Responsibilities and Commitments
Mentoring for Success provides students with highly qualified and effective mentors who engage students in asset-building activities to build skills for school success, attendance, and problem-solving.
Mentors serve as positive role models and motivate students to become their best. They offer students a pathway to expand their life perspectives, overcome obstacles and build on their strengths to make positive choices and develop essential school and life skills. Mentors are not case managers or therapists. They are caring adults committed and skilled at building relationships with young people.
Responsibilities and Commitments
- Mentors must be SFUSD employees or Volunteers with the proper background clearance to work with students
- Attend mentor orientation and training session(s)

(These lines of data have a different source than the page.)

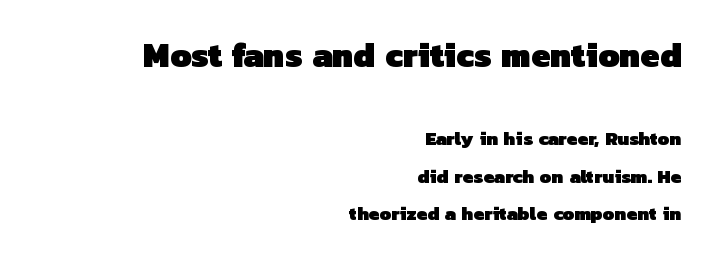
{"serif": "no", "bold": "yes", "weight": "heavy", "width": "normal", "stroke_contrast": "low", "x_height": "medium", "monospaced": "no", "underline": "no", "align": "right", "line_spacing": "loose", "line_spacing_ratio": 1.99, "letter_spacing": "normal", "letter_spacing_em": 0.0, "larger_block": "first", "size_ratio": 1.79, "glyph_px": 34}
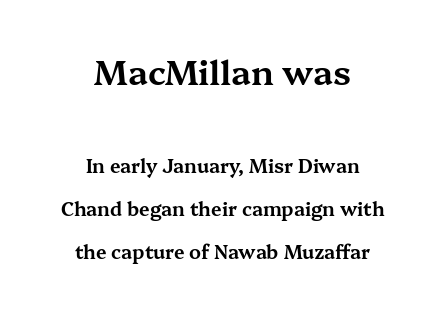
{"serif": "yes", "italic": "no", "width": "wide", "stroke_contrast": "medium", "x_height": "medium", "monospaced": "no", "underline": "no", "align": "center", "line_spacing": "loose", "line_spacing_ratio": 2.28, "letter_spacing": "normal", "letter_spacing_em": 0.0, "larger_block": "first", "size_ratio": 1.79, "glyph_px": 34}
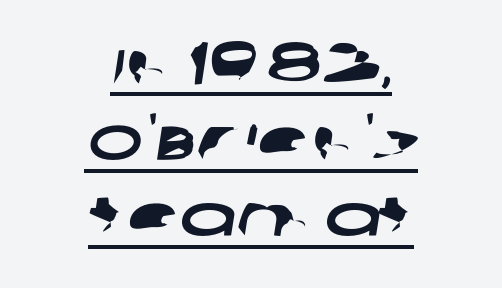
The letterforms sit shoulder to shoulder at normal distance. Type style note: lacks serifs. Varying glyph widths throughout — classic text-font behaviour. Casual observation: everything's sitting right in the middle. The words here are underlined. The lines sit at an ordinary, default distance from one another.

- Commit to meeting with a student weekly (at their school) for one hour for a full year including check-ins during the summer, preferably at a scheduled day and time
- Document student visits and activities in the Online Activity Log
- The mentor-student relationship is one-to-one. If a mentor is willing and available, he or she may mentor 2 students with the approval of the Mentor Program Site Coordinator
- Attend scheduled, monthly mentor program events planned at the school site
- Meeting with students off-campus is not a requirement and is not permitted during the first three months of the match. Any visit/activity off campus must have a signed permission slip from the parent on file with the Mentor Program Site Coordinator and documented in the Online Activity Log.
- Personal vehicles may only be used to transport students with authorization and proper documentation; public transportation, walking, or bicycling are preferable.
- Maintain confidentiality. Mentors are mandated reporters and must inform the Mentor Program Site Coordinator or other authorities if they learn of anything that may pose any danger or threat to the student or someone else.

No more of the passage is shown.